Current OS: Gentoo with Kernel 6.1.28

I am rather confident that the problem is not faulty hardware or depending on the OS (kernel version). I did not encounter any kernel panics or other weird behavior when running libreboot or skulls. However when using heads all GNU/Linux distros with various kernel versions produced the same behavior - I tried Rocky Linux, Debian 11.6, Devuan Chimaera and Gentoo.

Sadly I can't really provide much more information than that: Especially on startup there is often an os kernel panic, when well, there shouldn't be … The heads kernel doesn't panic at all. Has any other owner of a t440p with heads experienced this?

To Reproduce

  1. Start laptop, do normal boot process including hotp verification and selecting default boot options.
  2. Expect a ca. 50% chance of the OS kernel panicing on boot either directly after kexec or sometimes later e.g. shorly after entering the disk encryption passphrase. Obvious sign if nothing is visible on screen is a constant fan speed up.
  3. If boot succeeded their is still a chance of a kernel panic on shutdown immediately before the system is supposed to power down

Expected behavior No kernel panics, normal running OS.

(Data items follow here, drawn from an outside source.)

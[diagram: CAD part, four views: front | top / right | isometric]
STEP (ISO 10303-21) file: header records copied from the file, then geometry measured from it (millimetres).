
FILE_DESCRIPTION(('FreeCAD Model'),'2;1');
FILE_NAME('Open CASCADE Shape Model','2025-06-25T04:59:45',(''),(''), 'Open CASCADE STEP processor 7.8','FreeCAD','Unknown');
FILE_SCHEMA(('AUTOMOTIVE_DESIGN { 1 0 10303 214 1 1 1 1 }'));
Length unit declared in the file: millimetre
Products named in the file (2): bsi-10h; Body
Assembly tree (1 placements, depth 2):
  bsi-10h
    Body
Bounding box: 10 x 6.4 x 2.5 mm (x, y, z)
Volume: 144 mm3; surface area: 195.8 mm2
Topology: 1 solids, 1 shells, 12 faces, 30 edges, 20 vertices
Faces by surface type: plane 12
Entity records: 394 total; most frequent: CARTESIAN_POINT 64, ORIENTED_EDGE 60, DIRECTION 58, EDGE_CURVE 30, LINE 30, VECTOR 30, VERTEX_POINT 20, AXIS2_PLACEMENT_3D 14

Screenshots I could try to take a picture with my phone of the parts of the panic message that fit on the screen.

Additional context Is their any method to get logs after the crash? Obviously the kernel logs are gone since I need to hard power-off the laptop after a kernel panic. On the very few occasions where it proceeded to boot and "only" a few programs segfaulted, I sadly forgot to save any logs. I think I read somewhere that (coreboot-)logs from previous boots could be extracted from heads, but I couldn't find that information anymore. Without any kind of logs I have a feeling it is impossible to determine what is going wrong.

tlaurion commented 1 year ago

Is their any method to get logs after the crash? Obviously the kernel logs are gone since I need to hard power-off the laptop after a kernel panic. On the very few occasions where it proceeded to boot and "only" a few programs segfaulted, I sadly forgot to save any logs.

Yes, a picture of the segfault should be minimally provided. This will point into what the kernel was doing at the moment of the fault (driver involved, memory management, etc)

I think I read somewhere that (coreboot-)logs from previous boots could be extracted from heads, but I couldn't find that information anymore. Without any kind of logs I have a feeling it is impossible to determine what is going wrong. Yes, those logs are exposed within Heads through cbmem -c (all logs from console, truncating themselves upon multiple boots) and cbmem -1 (this is one). Not sure it would be helpful, though, but you could export them from Heads on a usb thumbdrive doing

mount-usb rw
cbmem -1 > /media/cbmem_last_boot.log

My only intuition there would be about the ram init blob there (MRC.bin borrowed from a Haswell chromebook) and some weird corruption happening in the same regions from coreboot (the CBFS_SIZE has been lowered under 8mb until native ram init is par with blob initialized ram upstream).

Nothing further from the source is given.